In December, as state “right-to-die” legislation was being debated, the Massachusetts Medical Society dropped its long-held opposition to physician-assisted suicide, adopting an oxymoronic position of neutral engagement. The California Medical Association approved a similar stance in June 2015, a decision that paved the way for passage of the state’s End-of-Life Option Act. State medical associations in Colorado, Vermont, and Maine have followed suit.
I am not the only doctor who recoils at the idea of writing prescriptions for patients to use in ending their lives. These days, however, many of my fellow physicians are too disengaged to feel strongly one way or the other, or simply can’t imagine how things could be different.
In today’s high-tech medicine, doctors treat disease. Patients’ well-being gets short shrift. When disease can no longer be kept at bay, modern medicine tends to give up altogether. If that sounds cynical, consider that in the wake of its own researchers uncovering serious systemic deficiencies in end-of-life care, UCLA actively moved to the forefront of institutions offering lethal prescriptions to eligible patients.
To its credit, the medical center’s protocol makes referral to palliative care and hospice a requirement for medical aid in dying. The cruel irony is that requesting a lethal prescription is now the surest way for UCLA patients to access the benefits of these specialized services at the most difficult times in their lives.
People who argue for the right to die invariably relate one or more stories of people they loved who died badly — tethered to machines in an intensive care unit or left to languish in a nursing home with their pain and emotional suffering ignored. It’s easy to understand how people in such situations would want to be freed from such anguish. Yet so much of that kind of suffering could have been avoided with good care.
Casting physician-hastened death as a freedom is disingenuous at best. If doctors don’t communicate with you about your condition and listen to your priorities, if they are unskilled in alleviating your pain, if medical bills are bankrupting your family, asking to die may be entirely rational. As the lyric goes, “Freedom’s just another word for nothing left to lose.”
I’m not expecting my profession to repent for its sins. I am, however, ever hopeful that doctors will once again rise to socially responsible leadership. We need to refocus on the fundamentals of human caring and recommit to caring well for people from birth all the way through to death.
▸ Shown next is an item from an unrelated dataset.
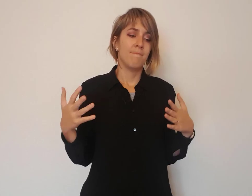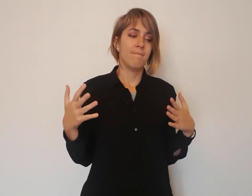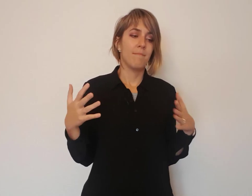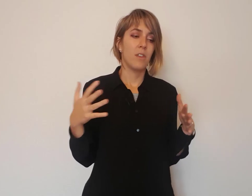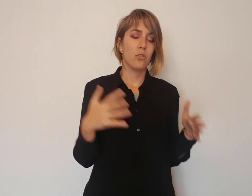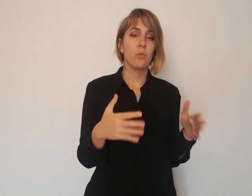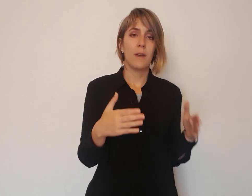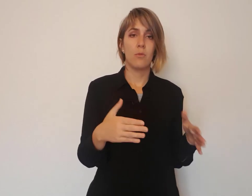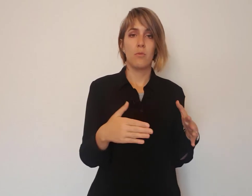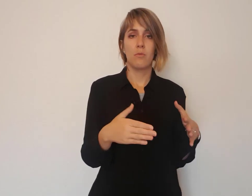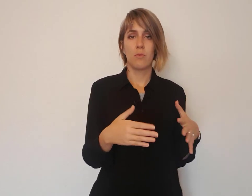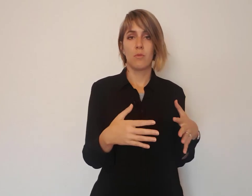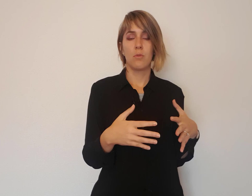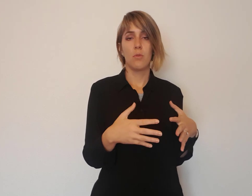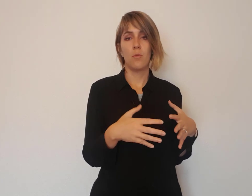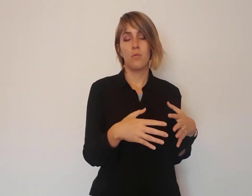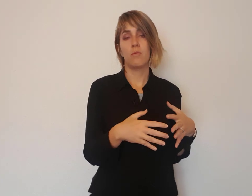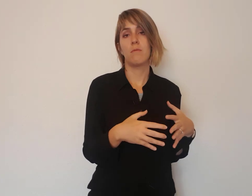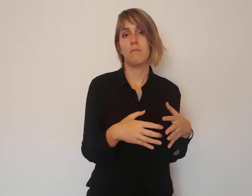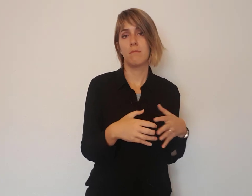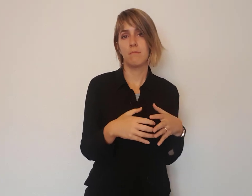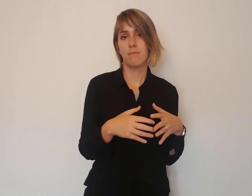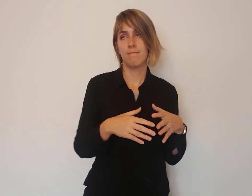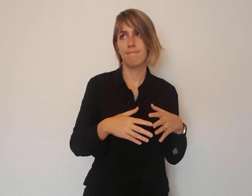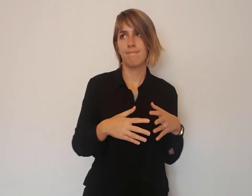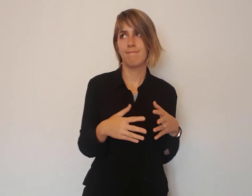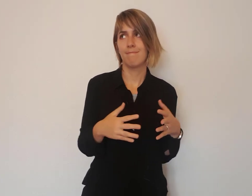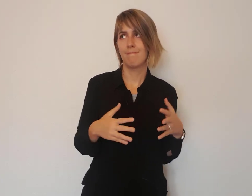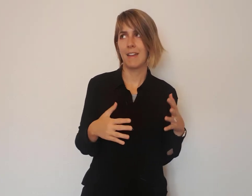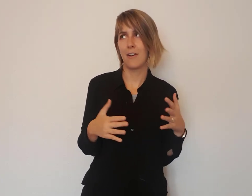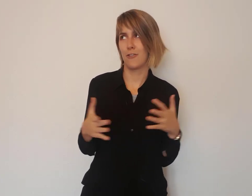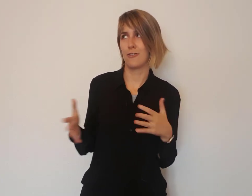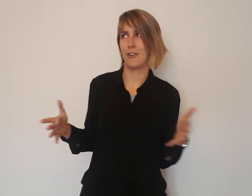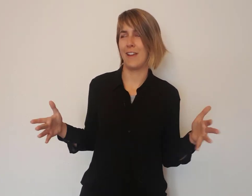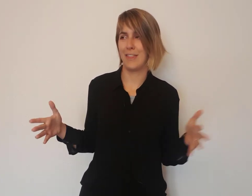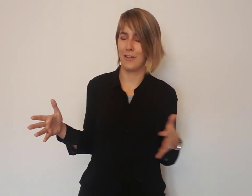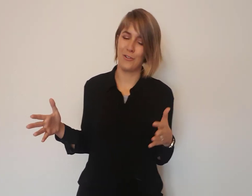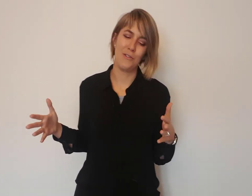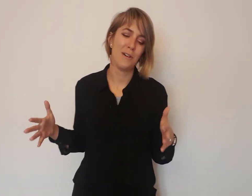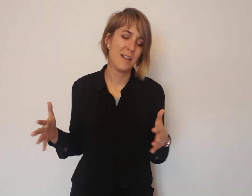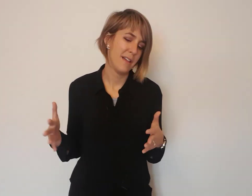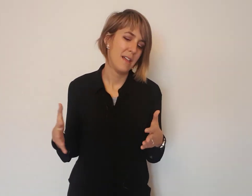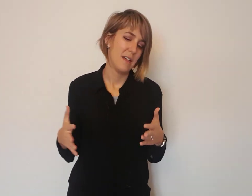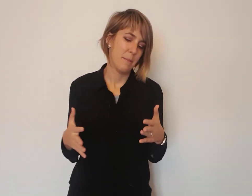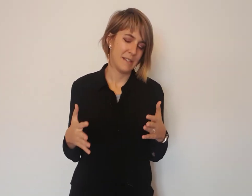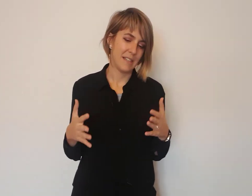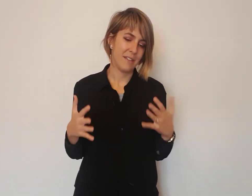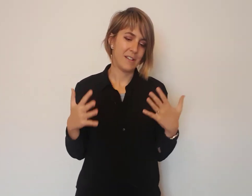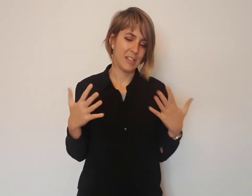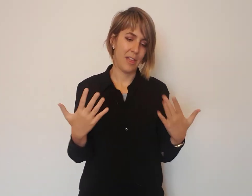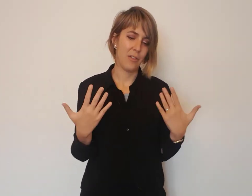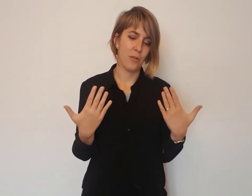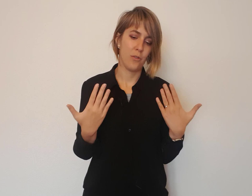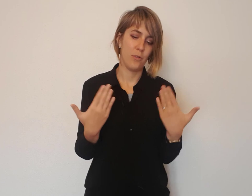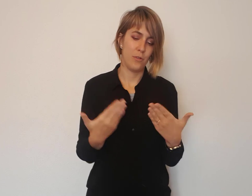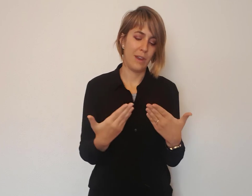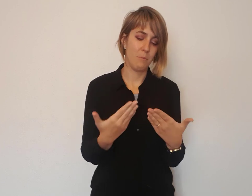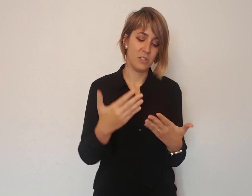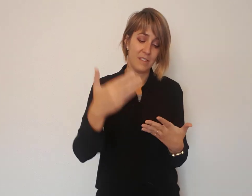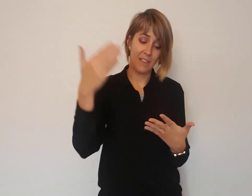Yo tuve un encontronazo bastante fastidiado con la importancia

Here are some of the things that organized medicine could do to correct deficiencies that cause so many people to suffer needlessly at the ends of their lives:
- Draft public policies to fix longstanding flaws in clinical training and monitor members’ practices for quality indicators of excellent end-of-life care.
- Compel hospitals to institute robust palliative care programs.
- Champion regulatory reform to increase minimum staffing in nursing homes and rescind the licenses of facilities that repeatedly fail to meet their residents’ basic needs.
- Draft legislation to require Medicare and insurance companies to allow patients to receive hospice care while they are being treated for late-stage cancer or organ failure.
Physicians’ opinions will remain divided over the issue of pre-empting death. Those differences need not stop us from making it possible to care for our patients skillfully, with kindness and compassion, through the end of life.
Ira Byock, M.D., is a palliative care physician and chief medical officer of the Institute for Human Caring of Providence St. Joseph Health based in Torrance, Calif. His books include “Dying Well” and “The Best Care Possible.”